FrederickVu · apgoucher · web-flow · commit 838621321731 · 2025-07-23T00:20:36.000+01:00
We remove the custom layout conversion lowering for the MMA v3 8-bit case which used warp shuffles as it's now handled by the general pathway #7558.  # New contributor declaration - [x] I am not making a trivial change, such as fixing a typo in a comment. - [x] I have written a PR description following these [rules](https://cbea.ms/git-commit/#why-not-how). - [x] I have run `pre-commit run --from-ref origin/main --to-ref HEAD`. - Select one of the following. - [x] I have added tests. - `/test` for `lit` tests - `/unittest` for C++ tests - `/python/test` for end-to-end tests - [ ] This PR does not need a test because `FILL THIS IN`. - Select one of the following. - [ ] I have not added any `lit` tests. - [x] The `lit` tests I have added follow these [best practices](https://mlir.llvm.org/getting_started/TestingGuide/#filecheck-best-practices), including the "tests should be minimal" section. (Usually running Python code and using the instructions it generates is not minimal.) --------- Co-authored-by: apgoucher <apgoucher@openai.com>
diff --git a/include/triton/Analysis/Utility.h b/include/triton/Analysis/Utility.h
@@ -254,10 +254,6 @@ bool cvtNeedsSharedMemory(RankedTensorType srcTy, RankedTensorType dstTy);
 
 bool atomicNeedsSharedMemory(Value result);
 
-// Return true if the src and dst layout match.

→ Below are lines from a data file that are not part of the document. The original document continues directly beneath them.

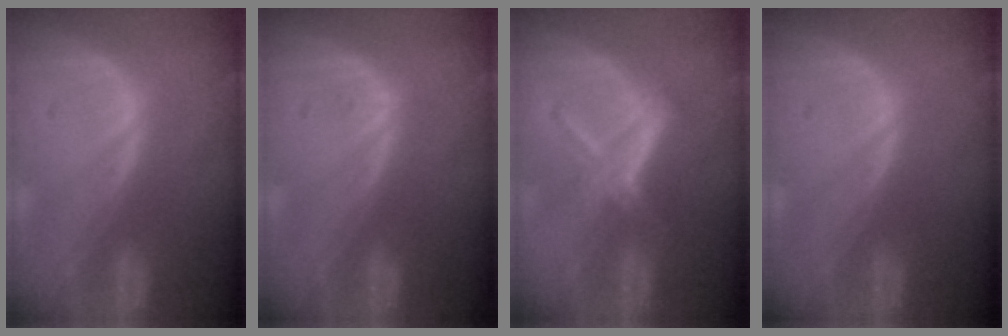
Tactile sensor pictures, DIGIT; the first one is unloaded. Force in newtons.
{"total": 0.5, "press": 0.5, "slide": 0.2}
{"total": 5.8, "press": 5.1, "slide": 2.9}
{"total": 0.0}
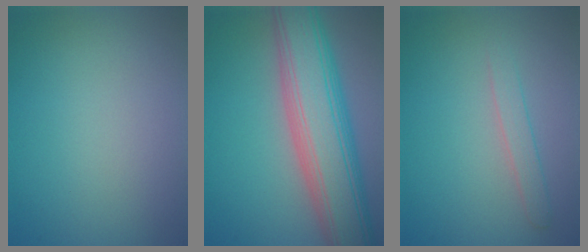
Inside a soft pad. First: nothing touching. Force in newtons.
{"total": 10.0, "press": 10.0, "slide": 0.5}
{"total": 1.4, "press": 1.4, "slide": 0.1}
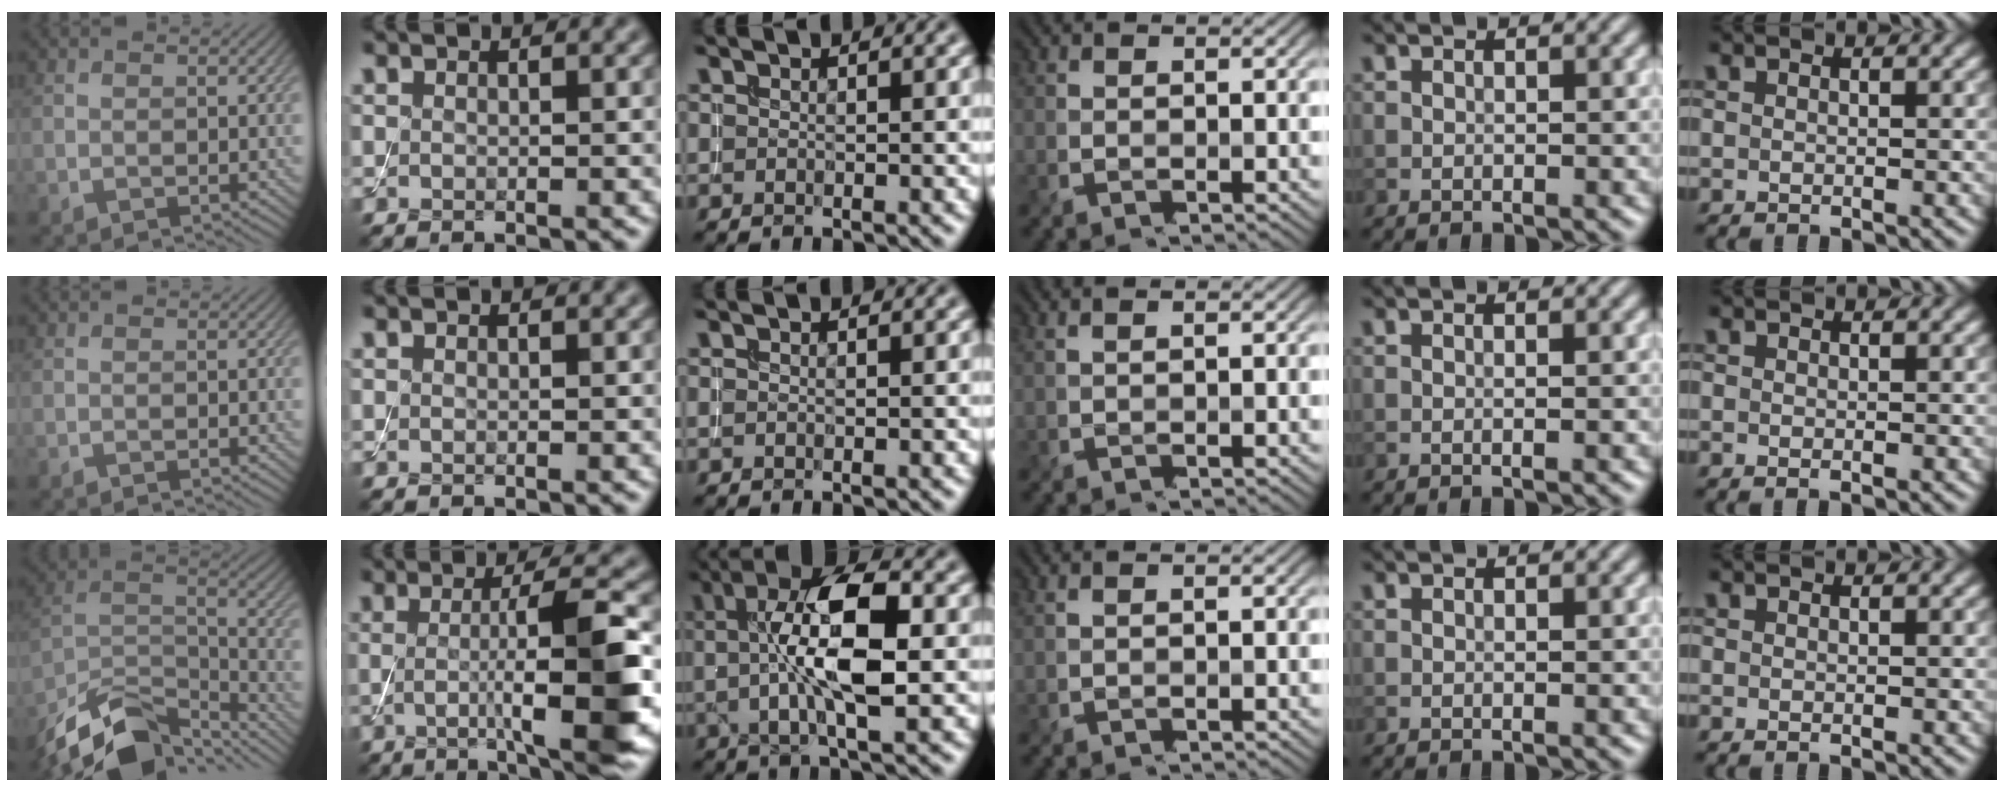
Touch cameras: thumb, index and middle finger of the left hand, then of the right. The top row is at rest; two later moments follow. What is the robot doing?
{"motion": "assemble", "object": "toy tower of hanoi"}
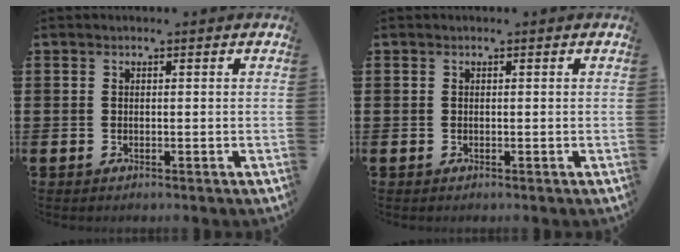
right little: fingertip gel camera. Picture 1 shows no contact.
{"total": 0.0}
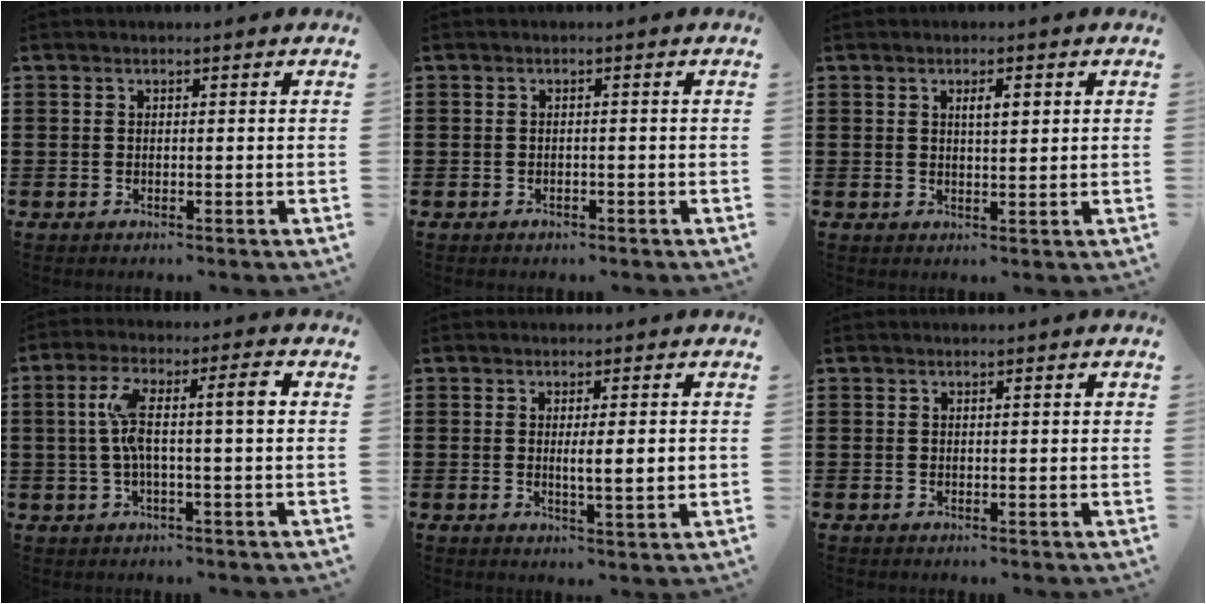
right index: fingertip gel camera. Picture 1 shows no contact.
{"total": 0.9, "force": [-0.6, 0.5, 0.4], "torque": [-0.010, -0.002, -0.012]}
{"total": 2.6, "force": [0.7, 0.7, 2.4], "torque": [-0.039, 0.002, 0.008]}
{"total": 8.3, "force": [0.6, 1.5, 8.1], "torque": [-0.156, 0.007, 0.001]}
{"total": 3.9, "force": [0.1, 0.2, 3.9], "torque": [-0.071, -0.005, 0.000]}
{"total": 0.6, "force": [0.1, 0.0, 0.5], "torque": [-0.010, -0.001, 0.002]}
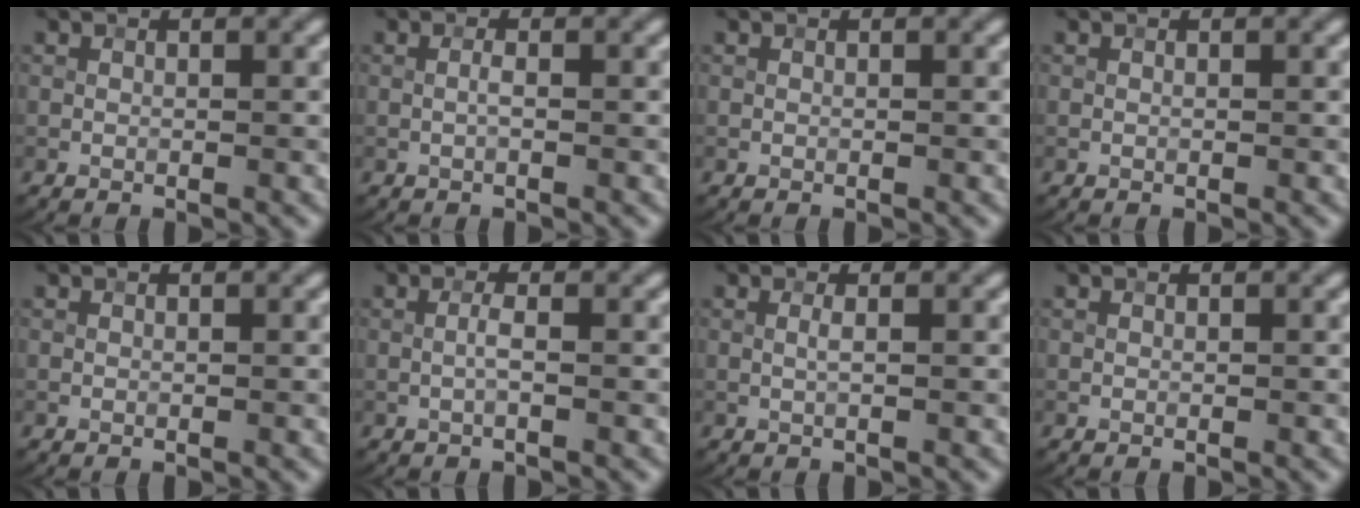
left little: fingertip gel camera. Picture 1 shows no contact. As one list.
[{"total": 0.7, "force": [-0.2, 0.0, 0.7], "torque": [-0.013, 0.001, -0.006]}, {"total": 0.0}, {"total": 0.0}, {"total": 0.0}, {"total": 1.1, "force": [-0.3, 0.0, 1.1], "torque": [-0.021, 0.002, -0.007]}, {"total": 0.7, "force": [0.0, 0.1, 0.7], "torque": [-0.014, 0.001, -0.001]}, {"total": 0.0}]
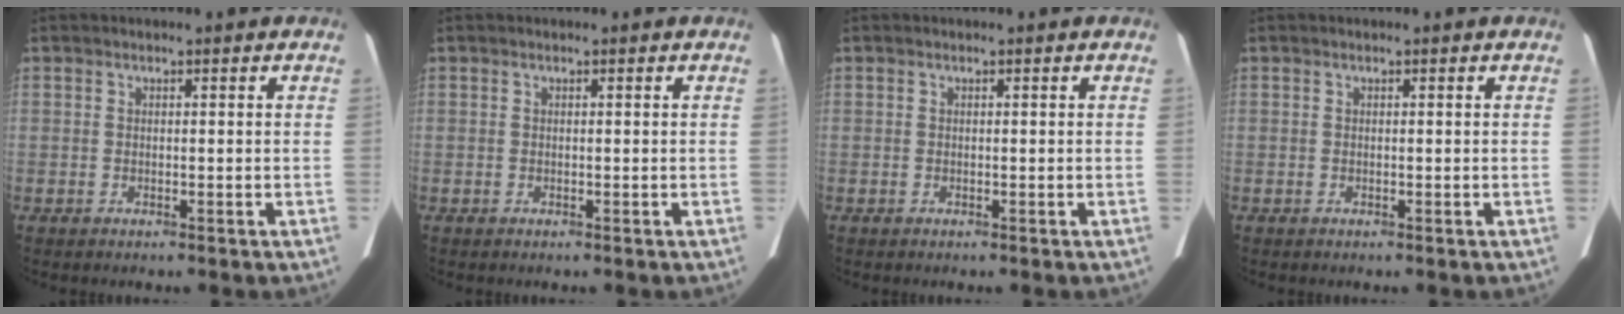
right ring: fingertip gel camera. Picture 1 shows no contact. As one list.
[{"total": 0.0}, {"total": 0.0}, {"total": 0.0}]
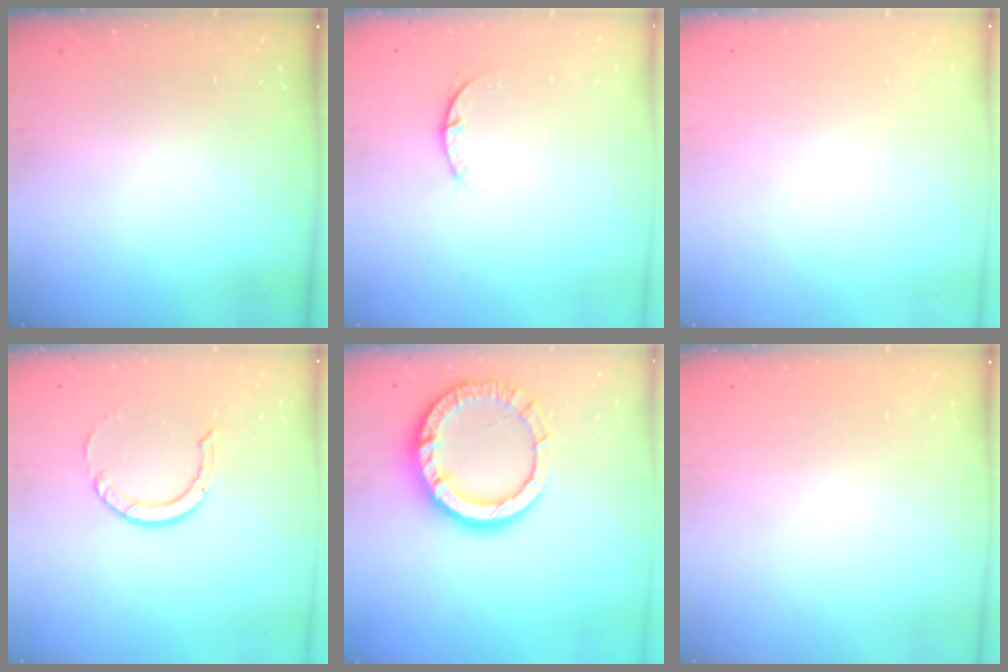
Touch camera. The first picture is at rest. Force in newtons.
{"total": 1.2, "press": 1.2, "slide": 0.3}
{"total": 2.6, "press": 2.6, "slide": 0.2}
{"total": 5.3, "press": 5.3, "slide": 0.1}
{"total": 14.2, "press": 14.1, "slide": 1.4}
{"total": 2.4, "press": 2.4, "slide": 0.2}
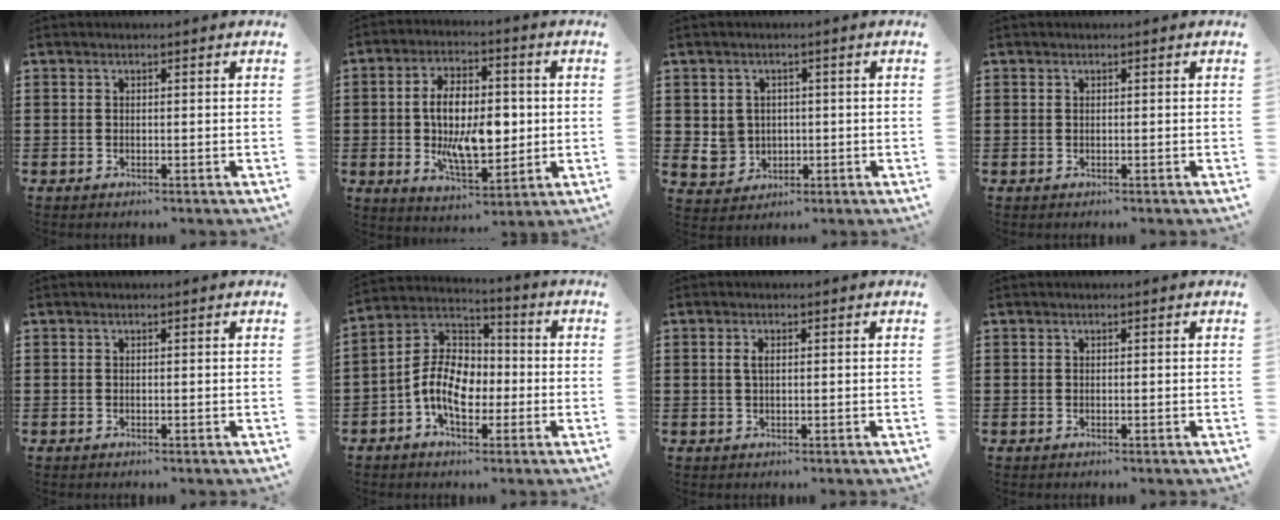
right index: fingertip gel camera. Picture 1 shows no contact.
{"total": 11.2, "force": [-0.2, 5.7, 9.6], "torque": [-0.167, 0.001, -0.008]}
{"total": 3.7, "force": [0.1, 3.6, 0.8], "torque": [-0.031, 0.011, 0.002]}
{"total": 0.0}
{"total": 0.0}
{"total": 10.0, "force": [-2.6, 6.3, 7.3], "torque": [-0.174, 0.005, -0.054]}
{"total": 1.6, "force": [0.3, 0.6, 1.5], "torque": [-0.031, 0.005, 0.003]}
{"total": 0.0}
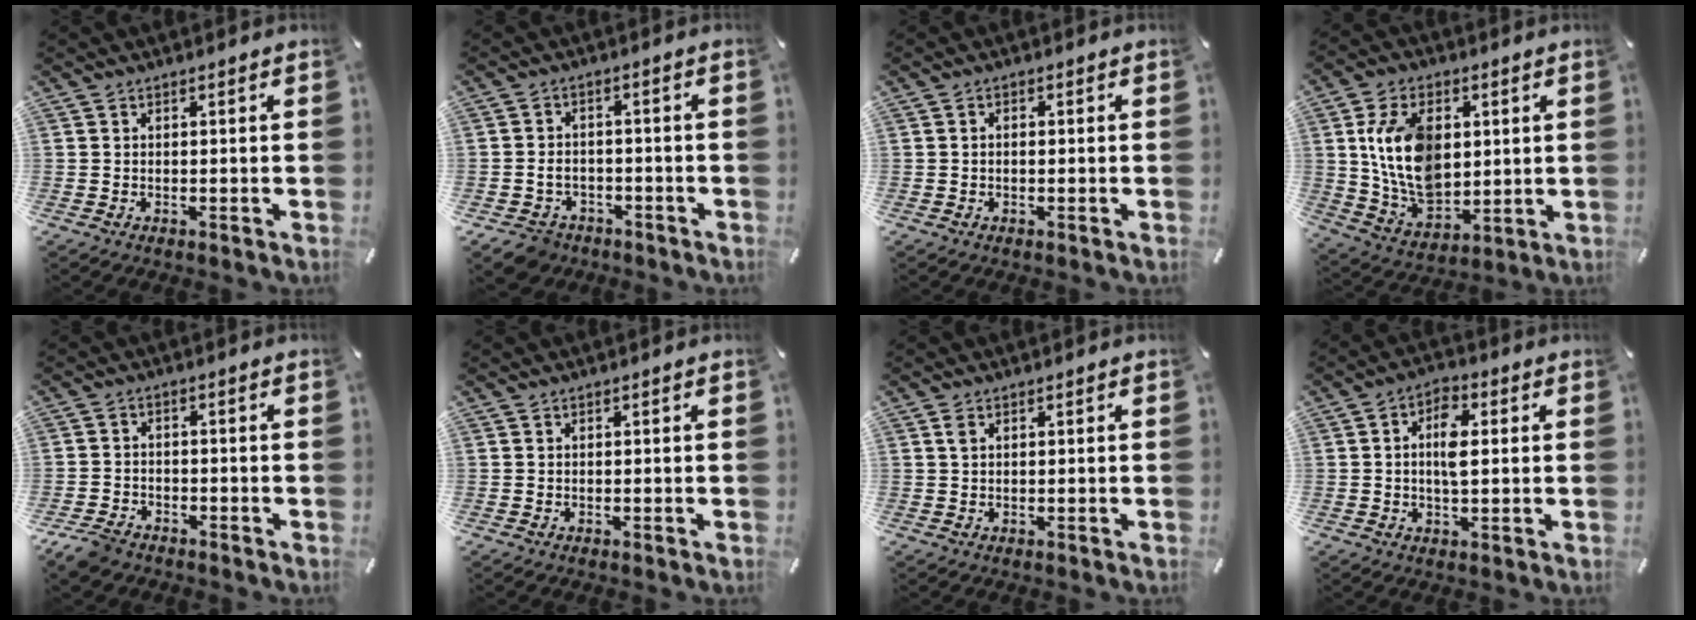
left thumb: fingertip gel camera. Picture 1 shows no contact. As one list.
[{"total": 5.2, "force": [-2.5, 4.2, 1.6], "torque": [-0.044, 0.016, -0.047]}, {"total": 0.8, "force": [-0.4, 0.6, 0.4], "torque": [-0.010, 0.001, -0.007]}, {"total": 15.6, "force": [3.2, 10.8, 10.7], "torque": [-0.237, 0.002, 0.060]}, {"total": 4.7, "force": [-3.9, 2.2, 1.5], "torque": [-0.048, 0.013, -0.078]}, {"total": 0.0}, {"total": 1.2, "force": [0.5, 0.6, 0.9], "torque": [-0.019, 0.003, 0.009]}, {"total": 6.5, "force": [0.7, 3.5, 5.5], "torque": [-0.101, 0.004, 0.006]}]
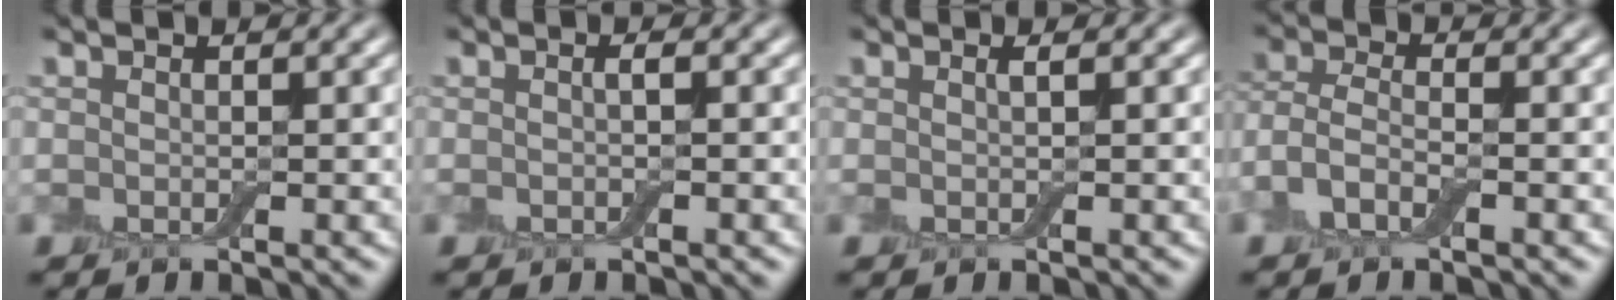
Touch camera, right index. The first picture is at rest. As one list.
[{"total": 0.9, "force": [0.0, 0.1, 0.9], "torque": [-0.018, 0.000, -0.002]}, {"total": 1.0, "force": [0.3, 0.2, 1.0], "torque": [-0.015, 0.001, -0.002]}, {"total": 3.1, "force": [-1.7, 1.4, 2.3], "torque": [-0.053, 0.005, -0.043]}]
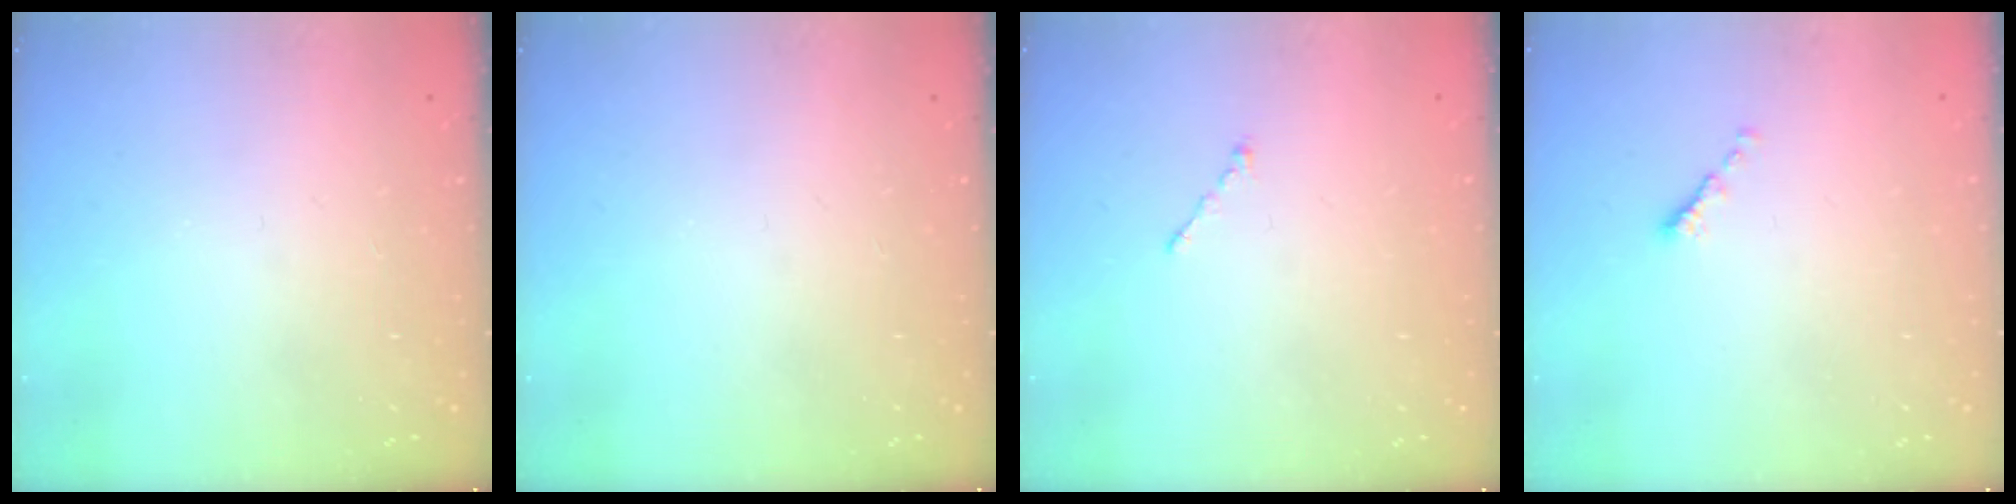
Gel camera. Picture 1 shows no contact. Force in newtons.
{"total": 0.0}
{"total": 0.7, "press": 0.7, "slide": 0.2}
{"total": 0.6, "press": 0.5, "slide": 0.3}
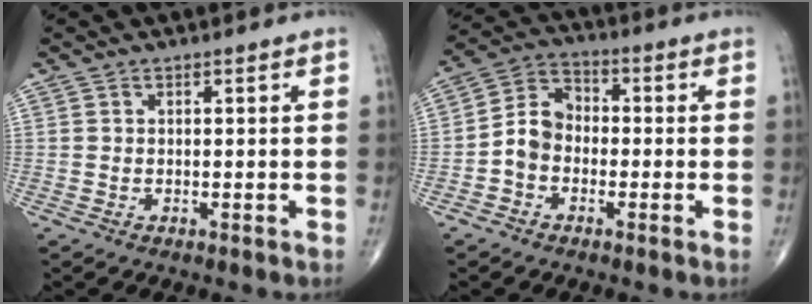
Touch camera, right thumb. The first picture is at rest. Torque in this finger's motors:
{"motor_torque": [0.29, 0.30, -0.05, -0.03, 0.04]}

-bool matchMmaV3AndDotOperandLayout(RankedTensorType srcTy,
-                                   RankedTensorType dstTy);
-
 // Check if MFMA layout can be converted to the dot operand
 // layout using warp shuffle.
 bool matchMFMAAndDotOperandShuffleCase(RankedTensorType srcTy,
diff --git a/lib/Analysis/Utility.cpp b/lib/Analysis/Utility.cpp
@@ -713,24 +713,6 @@ bool supportMMA(Value value, int version) {
          (elemTy.isInteger(8) && version >= 2);
 }
 
-// For MMAV3 dotOperand layout matches mma operand for f16 and bf16 cases.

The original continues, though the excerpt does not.